Exercise goal
Say how many of the lines below contain the word "Carto"; nothing else belongs in the answer.

┌─ Exercise material

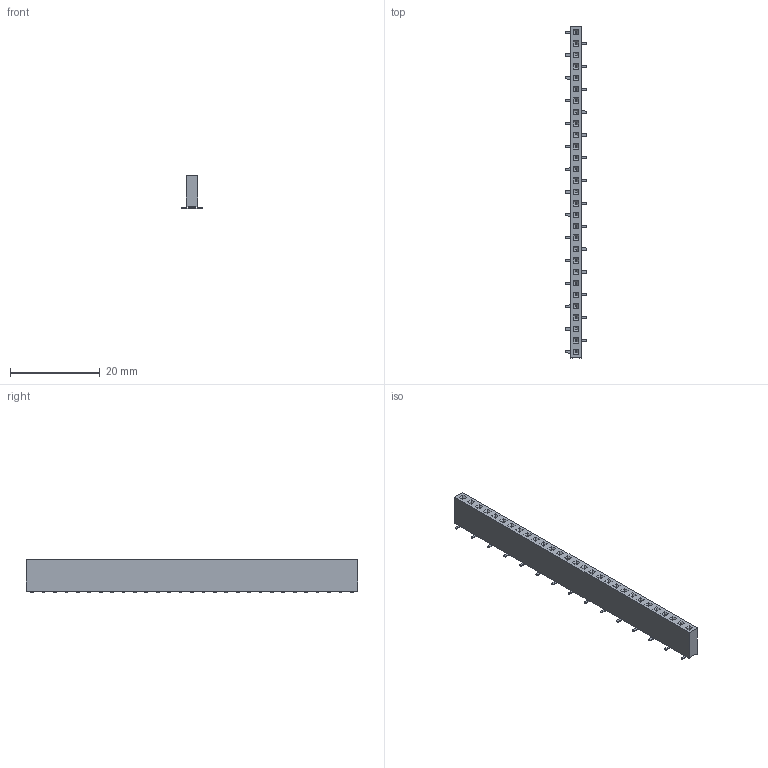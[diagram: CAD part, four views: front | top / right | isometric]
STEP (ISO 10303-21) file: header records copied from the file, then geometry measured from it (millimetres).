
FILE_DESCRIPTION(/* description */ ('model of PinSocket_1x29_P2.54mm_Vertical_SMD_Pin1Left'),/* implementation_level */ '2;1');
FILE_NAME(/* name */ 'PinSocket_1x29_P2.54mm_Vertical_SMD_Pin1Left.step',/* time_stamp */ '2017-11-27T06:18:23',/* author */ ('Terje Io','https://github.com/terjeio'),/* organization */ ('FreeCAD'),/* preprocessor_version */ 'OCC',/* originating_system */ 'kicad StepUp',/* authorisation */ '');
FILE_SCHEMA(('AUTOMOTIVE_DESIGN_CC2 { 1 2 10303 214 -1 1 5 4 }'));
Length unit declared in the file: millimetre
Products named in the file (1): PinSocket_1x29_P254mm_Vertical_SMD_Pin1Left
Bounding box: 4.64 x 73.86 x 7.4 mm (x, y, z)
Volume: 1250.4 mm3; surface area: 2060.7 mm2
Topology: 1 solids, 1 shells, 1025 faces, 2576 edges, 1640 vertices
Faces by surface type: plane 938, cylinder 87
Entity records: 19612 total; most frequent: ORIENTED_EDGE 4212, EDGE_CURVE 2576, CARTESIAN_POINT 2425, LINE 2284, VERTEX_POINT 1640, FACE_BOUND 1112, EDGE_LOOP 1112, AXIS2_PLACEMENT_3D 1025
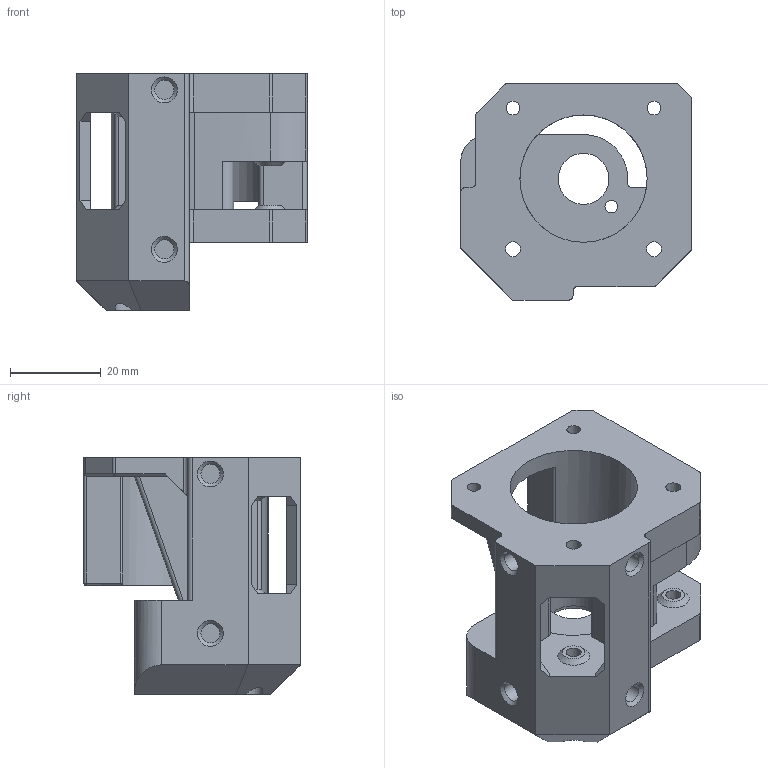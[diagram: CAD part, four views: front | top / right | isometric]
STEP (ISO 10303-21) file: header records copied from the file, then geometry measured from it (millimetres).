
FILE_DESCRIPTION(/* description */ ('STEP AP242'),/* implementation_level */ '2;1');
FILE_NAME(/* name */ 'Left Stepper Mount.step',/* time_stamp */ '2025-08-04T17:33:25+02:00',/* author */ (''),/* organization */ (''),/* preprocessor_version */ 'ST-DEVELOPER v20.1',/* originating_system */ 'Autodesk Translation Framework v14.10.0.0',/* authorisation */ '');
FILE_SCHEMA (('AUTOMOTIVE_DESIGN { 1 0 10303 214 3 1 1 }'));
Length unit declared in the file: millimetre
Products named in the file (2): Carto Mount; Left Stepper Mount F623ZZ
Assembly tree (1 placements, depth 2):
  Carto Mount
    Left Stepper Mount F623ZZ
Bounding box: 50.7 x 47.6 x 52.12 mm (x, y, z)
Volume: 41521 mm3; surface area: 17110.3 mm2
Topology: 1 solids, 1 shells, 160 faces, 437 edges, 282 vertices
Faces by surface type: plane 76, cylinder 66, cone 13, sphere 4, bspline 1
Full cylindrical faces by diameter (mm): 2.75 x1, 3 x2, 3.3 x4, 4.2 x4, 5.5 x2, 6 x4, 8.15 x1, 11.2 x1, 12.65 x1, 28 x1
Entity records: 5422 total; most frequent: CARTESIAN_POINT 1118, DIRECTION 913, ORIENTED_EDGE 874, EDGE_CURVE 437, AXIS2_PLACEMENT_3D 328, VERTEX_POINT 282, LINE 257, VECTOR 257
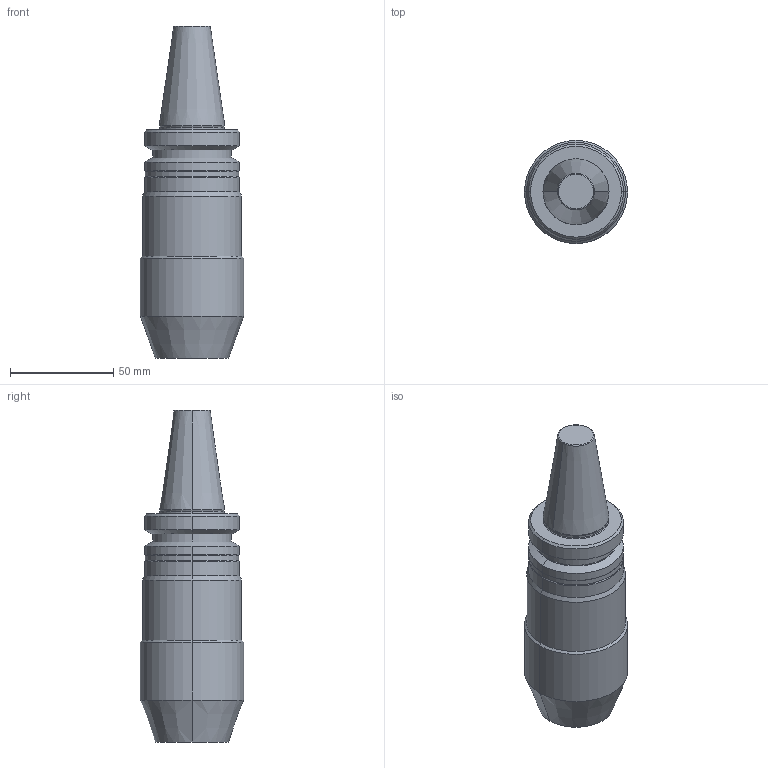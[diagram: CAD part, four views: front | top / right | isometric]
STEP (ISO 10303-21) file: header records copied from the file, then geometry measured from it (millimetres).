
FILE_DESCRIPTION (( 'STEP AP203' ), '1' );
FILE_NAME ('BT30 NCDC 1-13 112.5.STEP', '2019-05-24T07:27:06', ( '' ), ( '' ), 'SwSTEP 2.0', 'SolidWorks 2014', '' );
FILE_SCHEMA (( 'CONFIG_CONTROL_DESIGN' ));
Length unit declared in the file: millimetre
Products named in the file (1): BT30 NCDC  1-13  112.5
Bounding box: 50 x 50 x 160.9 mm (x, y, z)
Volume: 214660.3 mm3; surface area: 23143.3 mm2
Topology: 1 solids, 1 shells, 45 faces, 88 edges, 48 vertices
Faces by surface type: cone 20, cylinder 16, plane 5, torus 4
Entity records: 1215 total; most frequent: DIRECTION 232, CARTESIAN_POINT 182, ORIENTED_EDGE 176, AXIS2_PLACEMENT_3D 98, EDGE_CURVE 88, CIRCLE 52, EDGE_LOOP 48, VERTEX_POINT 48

└─

Response area
2